By Stephen King, Scribner



An ancient band of vampires camouflaged in the trappings of middle America and roving the interstates in search of special children to prey on, a protagonist tortured by alcoholism and past traumas both supernatural and self-inflicted, a little girl wielding an awesome and terrible power — these are the ingredients of Stephen King's newest novel, and they make for a compelling story.

Doctor Sleep has some trouble getting started; the first few dozen pages are taken up with the awkward, utilitarian work of bridging the wide gap between it and King's 1977 novel The Shining, which it follows. Only once the narrative is firmly rooted in the head of protagonist Dan Torrance, the now-adult child who barely survived The Shining, does it really begin to chug along under its own power. Other than occasional and brief derailments, it sustains that power through to a whiz-bang finale — and at that point, the hasty connecting of the two novels becomes well worth it, because all of The Shining's most frightening ghosts have been reanimated to play their parts.

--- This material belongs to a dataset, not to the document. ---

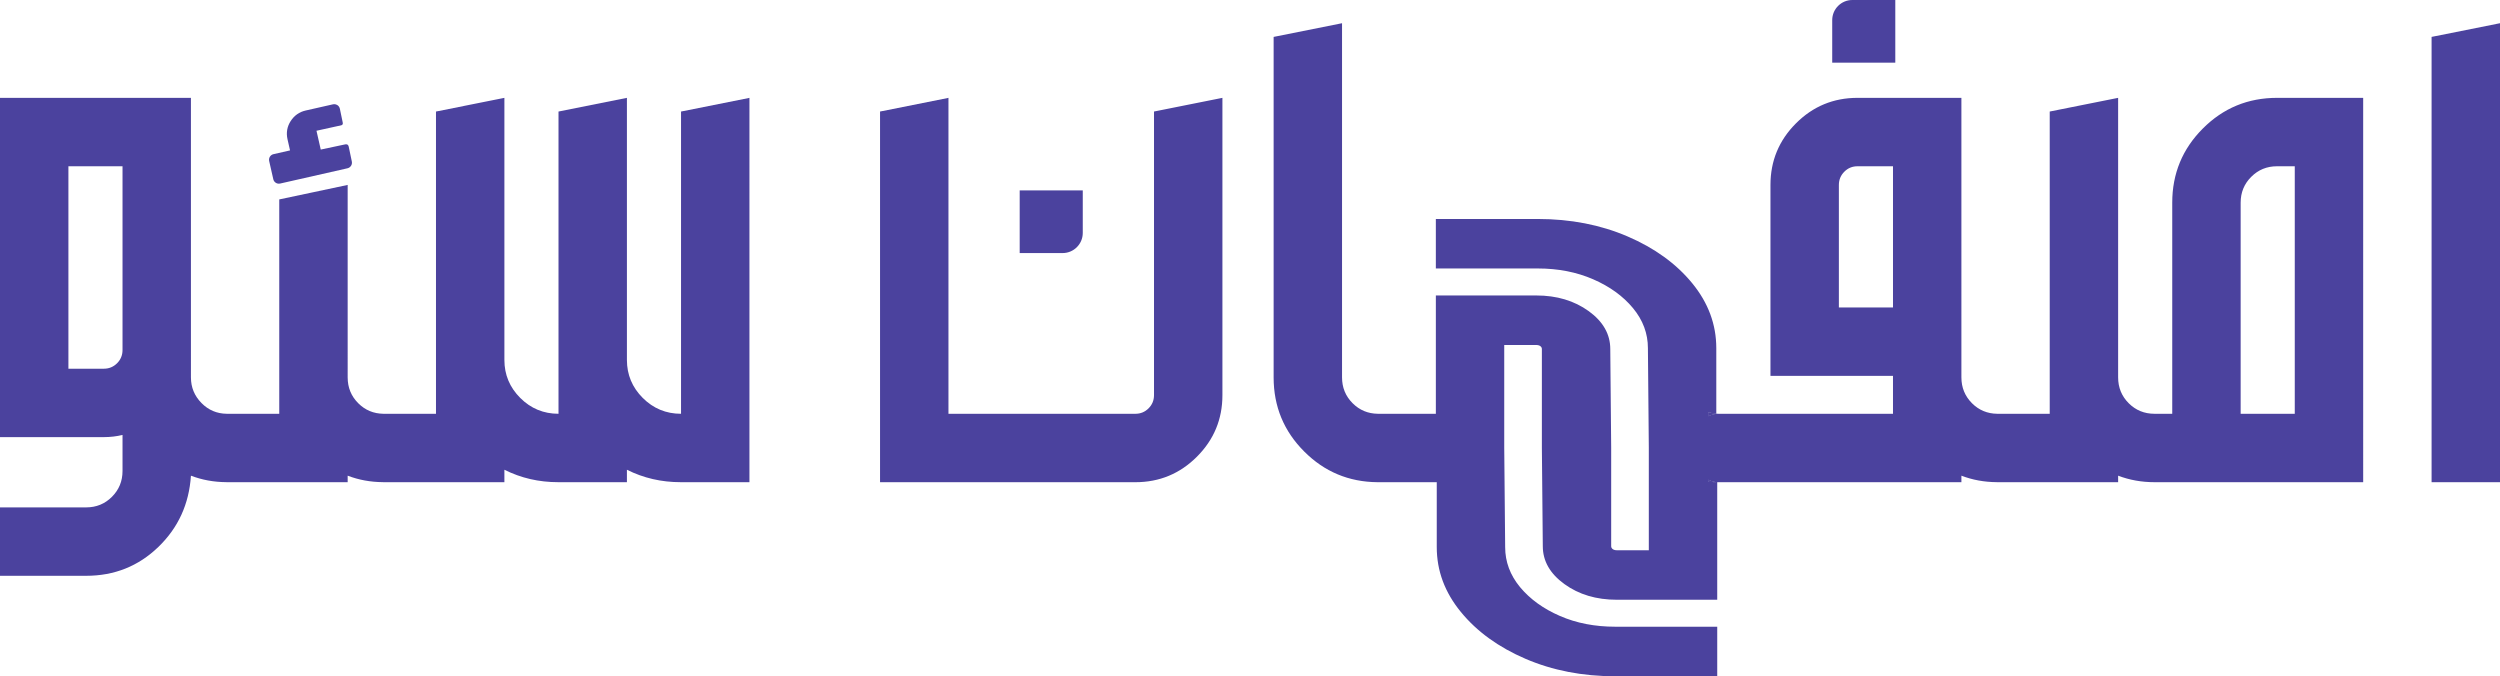 <svg xmlns="http://www.w3.org/2000/svg" id="a" viewBox="0 0 860.24 232.7"><path d="M95.95,63.206c-.896-.005-1.704-.625-1.912-1.539l-1.42-6.261c-.115-.51-.024-1.045.256-1.489s.723-.757,1.233-.872l5.693-1.29-.866-3.817c-.514-2.272-.143-4.395,1.105-6.308,1.233-1.897,2.965-3.111,5.148-3.603l9.39-2.129c.149-.034.299-.05.449-.049.365.002.726.107,1.041.303.443.28.756.724.873,1.235l.989,4.762c.24,1.062-.681.998-1.744,1.239l-7.287,1.603,1.469,6.476s7.768-1.641,7.911-1.681c1.01-.28,1.52-.168,1.728.745l1.049,5.014c.115.51.024,1.045-.256,1.489-.279.442-.723.757-1.233.872l-23.165,5.25c-.152.034-.302.05-.45.049Z" fill="#4b429e"></path><path d="M234.34,38.38v104c-5.14,0-9.53-1.82-13.17-5.45-3.63-3.64-5.45-7.99-5.45-13.06V33.67l-23.54,4.71v104c-5.14,0-9.53-1.82-13.16-5.45-3.64-3.64-5.46-7.99-5.46-13.06V33.67l-23.54,4.71v104h-18.08c-3.41-.05-6.3-1.26-8.67-3.63-2.43-2.43-3.64-5.39-3.64-8.89V63.63c-.62.11-23.12,4.94-23.54,4.99v73.76h-18.08c-3.41-.05-6.3-1.28-8.67-3.69-2.43-2.46-3.64-5.4-3.64-8.83V33.67H0v116.74h35.74c2.21,0,4.35-.25,6.42-.75v12.41c0,3.5-1.22,6.46-3.64,8.88-2.42,2.43-5.39,3.64-8.88,3.64H0v23.54h29.64c9.7,0,17.98-3.3,24.82-9.9,6.85-6.59,10.6-14.78,11.24-24.55,3.81,1.46,7.86,2.2,12.14,2.23.06.01.11.01.17.01h41.62v-2.24c3.81,1.46,7.85,2.2,12.14,2.23.06.01.11.01.17.01h41.62v-4.28c5.71,2.86,11.88,4.28,18.51,4.28h23.65v-4.28c5.71,2.86,11.87,4.28,18.51,4.28h23.65V33.67l-23.54,4.71ZM42.16,120.45c0,1.78-.63,3.3-1.87,4.54-1.25,1.25-2.77,1.88-4.55,1.88h-12.2V57.21h18.62v63.24Z" fill="#4b429e"></path><path d="M390.668,165.924h-87.849V38.376l23.541-4.708v108.715h64.308c1.783,0,3.299-.623,4.548-1.872s1.872-2.765,1.872-4.548V38.376l23.541-4.708v102.295c0,8.277-2.925,15.339-8.772,21.187-5.851,5.85-12.914,8.774-21.189,8.774Z" fill="#4b429e"></path><path d="M590.68,165.91c-.96-.01-1.92-.07-2.86-.16v-.65c.88.46,1.83.74,2.86.81Z" fill="#4b429e"></path><path d="M591.34,142.38h-.21c-.19,0-.38.01-.56.02-.99.08-1.91.36-2.75.8v-1.35c.89.25,1.8.44,2.75.5.25.02.51.03.77.03Z" fill="#4b429e"></path><path d="M590.68,165.91c-.96-.01-1.92-.07-2.86-.16v-.65c.88.46,1.83.74,2.86.81Z" fill="#4b429e"></path><path d="M590.57,142.35v.05c-.99.08-1.91.36-2.75.8v-1.35c.89.25,1.8.44,2.75.5Z" fill="#4b429e"></path><path d="M652.164,0h-14.776c-3.827,0-6.93,3.103-6.93,6.93v14.632h21.706V0Z" fill="#4b429e"></path><path d="M350.871,87.081h14.776c3.827,0,6.93-3.103,6.93-6.93v-14.632h-21.706v21.562Z" fill="#4b429e"></path><path d="M783.52,33.67c-9.99,0-18.5,3.51-25.52,10.54-7.03,7.03-10.54,15.53-10.54,25.52v72.65h-6.1c-3.5,0-6.46-1.21-8.88-3.63s-3.64-5.39-3.64-8.89V33.67l-23.54,4.71v104h-18.08c-3.4-.05-6.3-1.26-8.67-3.63-2.42-2.43-3.64-5.39-3.64-8.89V33.67h-35.74c-8.27,0-15.34,2.92-21.18,8.77-5.85,5.85-8.78,12.91-8.78,21.19v65.7h42.16v13.05h-60.24c-.19,0-.38.01-.56.02-.99.08-1.91.36-2.75.8v-1.35c.89.25,1.8.44,2.75.5v-22.55c0-8.16-2.76-15.6-8.29-22.35-5.53-6.74-12.93-12.1-22.25-16.1-9.3-4-19.61-6-30.88-6h-35.08v17.03h35.08c7.01,0,13.35,1.24,19.05,3.72,5.71,2.48,10.27,5.78,13.7,9.91,3.42,4.13,5.14,8.73,5.14,13.79l.31,34.22v35.32h-11.01c-.58,0-1.03-.13-1.41-.39-.35-.27-.53-.6-.53-1.01v-33.92l-.31-33.92c0-5.1-2.47-9.46-7.43-13.05-4.97-3.58-10.97-5.38-18.04-5.38h-34.55v40.71h-19.98c-3.4-.05-6.29-1.26-8.66-3.63-2.43-2.43-3.64-5.39-3.64-8.89V7.99l-23.54,4.71v117.16c0,9.99,3.51,18.5,10.54,25.52,6.93,6.94,15.32,10.45,25.15,10.54h20.44v22.33c0,8.16,2.77,15.6,8.3,22.33,5.52,6.75,12.95,12.12,22.25,16.12,9.31,4,19.6,6,30.87,6h35.09v-17.05h-35.09c-6.99,0-13.34-1.22-19.05-3.71-5.7-2.47-10.26-5.77-13.7-9.9-3.42-4.14-5.13-8.73-5.13-13.79l-.32-34.23v-35.31h11.02c.57,0,1.04.13,1.4.39.35.26.53.58.53,1v33.92l.32,33.92c0,5.11,2.49,9.46,7.44,13.04,4.96,3.59,10.96,5.39,18.03,5.39h34.55v-40.46c.08.01.16.01.24.01h83.78v-2.24c3.81,1.46,7.86,2.2,12.14,2.23.06.01.11.01.17.01h41.62v-2.24c3.92,1.5,8.1,2.24,12.52,2.24h71.8V33.67h-29.64ZM587.82,165.75v-.65c.88.46,1.83.74,2.86.81-.96-.01-1.92-.07-2.86-.16ZM651.37,105.79h-18.62v-42.16c0-1.78.63-3.3,1.88-4.55,1.24-1.25,2.76-1.87,4.54-1.87h12.2v48.58ZM789.62,142.38h-18.62v-72.65c0-3.5,1.21-6.46,3.64-8.88,2.42-2.43,5.38-3.64,8.88-3.64h6.1v85.17Z" fill="#4b429e"></path><path d="M860.24,165.924h-23.541V12.695l23.541-4.708v157.937Z" fill="#4b429e"></path></svg>

While it doesn't achieve the epic heights of King's best, neither does it suffer from the bloat and aimlessness of his worst; Doctor Sleep is, in many ways, a solid horror offering. What sets it apart from the standard-issue spectrum of adjectives applied to King — blood-curdling to spine-tingling to haunting and everything in between — is how personal the novel can feel.

Alcoholics Anonymous is as central to the plot and protagonist of Doctor Sleep as it is to the author. The differences between the older, wiser King and, in King's words, "the well-meaning alcoholic who wrote The Shining," lend an authenticity and poignancy to Dan Torrance's struggles with alcohol and his retrospection about the alcoholic father who died in The Shining. In a sense, King is running through AA's 12 steps himself here, inventorying and amending the harm wrought in his darker years on, and through, his own characters. If Doctor Sleep introduces another adjective into King's vast repertoire, it might be "heartbreaking".